On $n\times n$ matrices $A$ with trace of the powers equal to $0$ 
Let $R$ be a commutative ring with identity and let $A \in M_n(R)$ be such that $$\mbox{tr}A = \mbox{tr}A^2 = \cdots = \mbox{tr}A^n = 0 .$$ I want to show that $n!A^n= 0$. 

Any suggestion or reference would be helpful.  
P.S.: When $R$ is a field of characteristic zero I can prove that $A^n=0$ but I have no idea for the general case. 
 A: Let 
$$\chi(\lambda) = \det(\lambda I_n - A ) = \lambda^n - e_1 \lambda^{n-1} + e_2 \lambda^{n-2} + \cdots + (-1)^n e_n$$
be the characteristic polynomial of $A$. By Cayley–Hamilton theorem (which is valid for any commutative ring), we have
$$\chi(A) = A^n - e_1 A^{n-1} + e_2 A^{n-2} + \cdots + (-1)^n e_n I_n = 0\tag{*1}$$
Let $p_k = \text{tr}A^k$ for $k = 1, \ldots, n$. The $e_k$ are elementary symmetric polynomials in the roots of $\chi(\lambda)$ and they are related to $p_k$ through the Newton identities (again valid for any commutative ring):
$$\begin{align}
e_1   = & p_1,\\
2 e_2 = & e_1 p_1 - p_2,\\
3 e_3 = & e_2 p_1 - e_1 p_2 + p_3,\\
4 e_4 = & e_3 p_1 - e_2 p_2 + e_1 p_3 - p_4,\\
\vdots
\end{align}$$
As a result, 
$$p_1 = p_2 = \cdots = p_n = 0\quad\implies\quad e_1 = 2 e_2 = 3 e_3 = \cdots = n e_n = 0$$
Multiply $(*1)$ by $n!$ then give us $\;n!A^n = 0\;$.
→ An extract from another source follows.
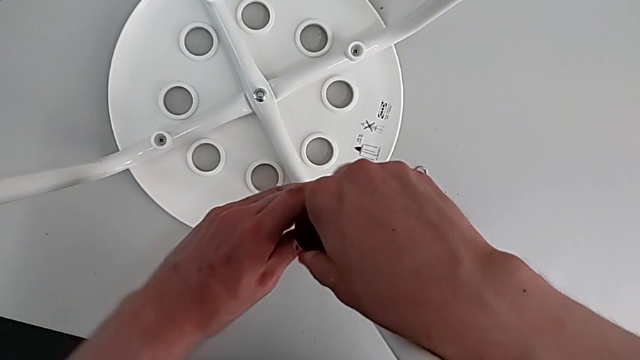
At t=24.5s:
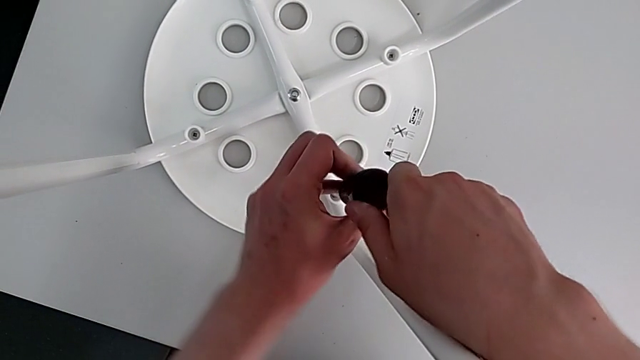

A: The following argument also works in prime characteristic. The coefficients
of the characteristic polynomial 
$$
\chi(t)=\sum^n_{j=0}
(-1)^j \omega_j (A)\:t^{n-j}\; 
$$ of $A$ satisfy the following identities:
$$
\sum^j_{i=1} (-1)^{i+1} {\rm tr}(A^i)\:\omega_{j-i} (A) =j\cdot \omega_j (A)
\hbox{ with }  \omega_0 (A)=1,\; \omega_{n+j}(A) = 0 \quad \forall \;
j\in \mathbb{N}
$$
We have either $p\mid n!$, or we have
$p>n$ so that $\omega_j (A) = 0 \quad\forall \, j \ge 1$. In this case $A$ has
characteristic polynomial $t^n$, so that $A$ is nilpotent with $A^n=0$. Together this means $n!A^n=0$.